= 1915 Edmonton municipal election =

Municipal election in Alberta, Canada

The 1915 municipal election was held December 13, 1915 to elect a mayor and five aldermen to sit on Edmonton City Council and four trustees to sit on each of the public and separate school boards.

There were ten aldermen on city council, but five of the positions were already filled: Hugh Calder, R N Frith, Joseph Henri Picard, James Ramsey, and Samuel Williamson were all elected to two-year terms in 1914 and were still in office.

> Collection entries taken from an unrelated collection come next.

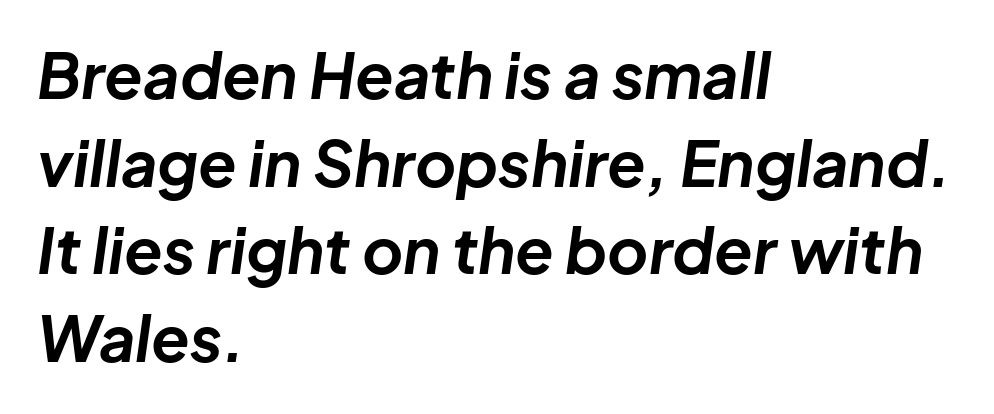
Q: Is the text bold? A: Yes.
Q: Is the text italic (slanted)? A: Yes, it leans right by about 8 degrees.
Q: Is the text underlined? A: No.
Q: How is the paragraph aligned? A: Left-aligned.
Q: Is the spacing between letters normal or unusually wide? A: Normal.
Q: Is the spacing between lines tight, normal or loose? A: Normal.
Q: Width (condensed, normal, or wide)? A: Normal.
Q: Stroke contrast? A: Low.
Q: x-height? A: Medium.
Q: Monospaced? A: No.

There were seven trustees on the public school board, but three of the positions were already filled: Charles Gibbs, J J McKenzie, and William Rea had been elected to two-year terms in 1914. The same was true of the separate board, where A H Esch, Joseph Gariépy, and M J O'Farrell were continuing.

==Electoral System==
The election of mayor was conducted by First past the post.

The election of aldermen was conducted through Plurality block voting, with each voter having ability to cast as many as five votes, no more than one per candidate.

==Voter turnout==

There were 7235 ballots cast out of 17990 eligible voters, for a voter turnout of 40.2%.

==Results==

- bold indicates elected
- italics indicate incumbent
- Data for 1915 is unavailable regarding South Side representatives, instituted after the city of Strathcona, south of the North Saskatchewan River, amalgamated into Edmonton on February 1, 1912.

===Mayor===

William Thomas Henry was acclaimed for a second term as mayor.

===Aldermen===
Each successful candidate was elected to two-year term.

- Robert Douglas - 5,488
- James Macfie MacDonald - 3,504
- Orlando Bush - 3,339
- Charles Wilson - 3,300
- William Campbell McArthur - 2,933
- James Kinney - 2,857
- C C Tatham - 2,428
- Joseph Clarke - 1,633
- Joseph Driscoll - 1,523
- Rice Sheppard - 1,379
- H H Hull - 1,359
- Joseph Adair - 1,146
- Adevdat Boileau - 872
- Frederick C. Humberstone - 461

===Public school trustees===

- Walter Ramsey - 4180
- Samuel Barnes - 3942
- Henry Douglas - 3261
- J A McPherson - 3200
- W A Lewis - 2124
- J S Wright - 2010
- Avery Smith - 1353
- Amy Keane - 601
- Marion Seymour - 591

===Separate (Catholic) school trustees===

- Joseph Henri Picard - 444
- I. Tremblay - 404
- Joseph O'Neill - 389
- M. J. Kelly - 359

==Referendum==
Following the election, city burgesses (property-owners) were asked if they endorsed the city operating the power plant or whether it should go into private hands.
about 7000 voted in favour of privatization, 5000 against.
As by-law did not receive two-thirds support, the city maintained its power plant.
The City created a city-owned corporation, "EPCOR", in 1996.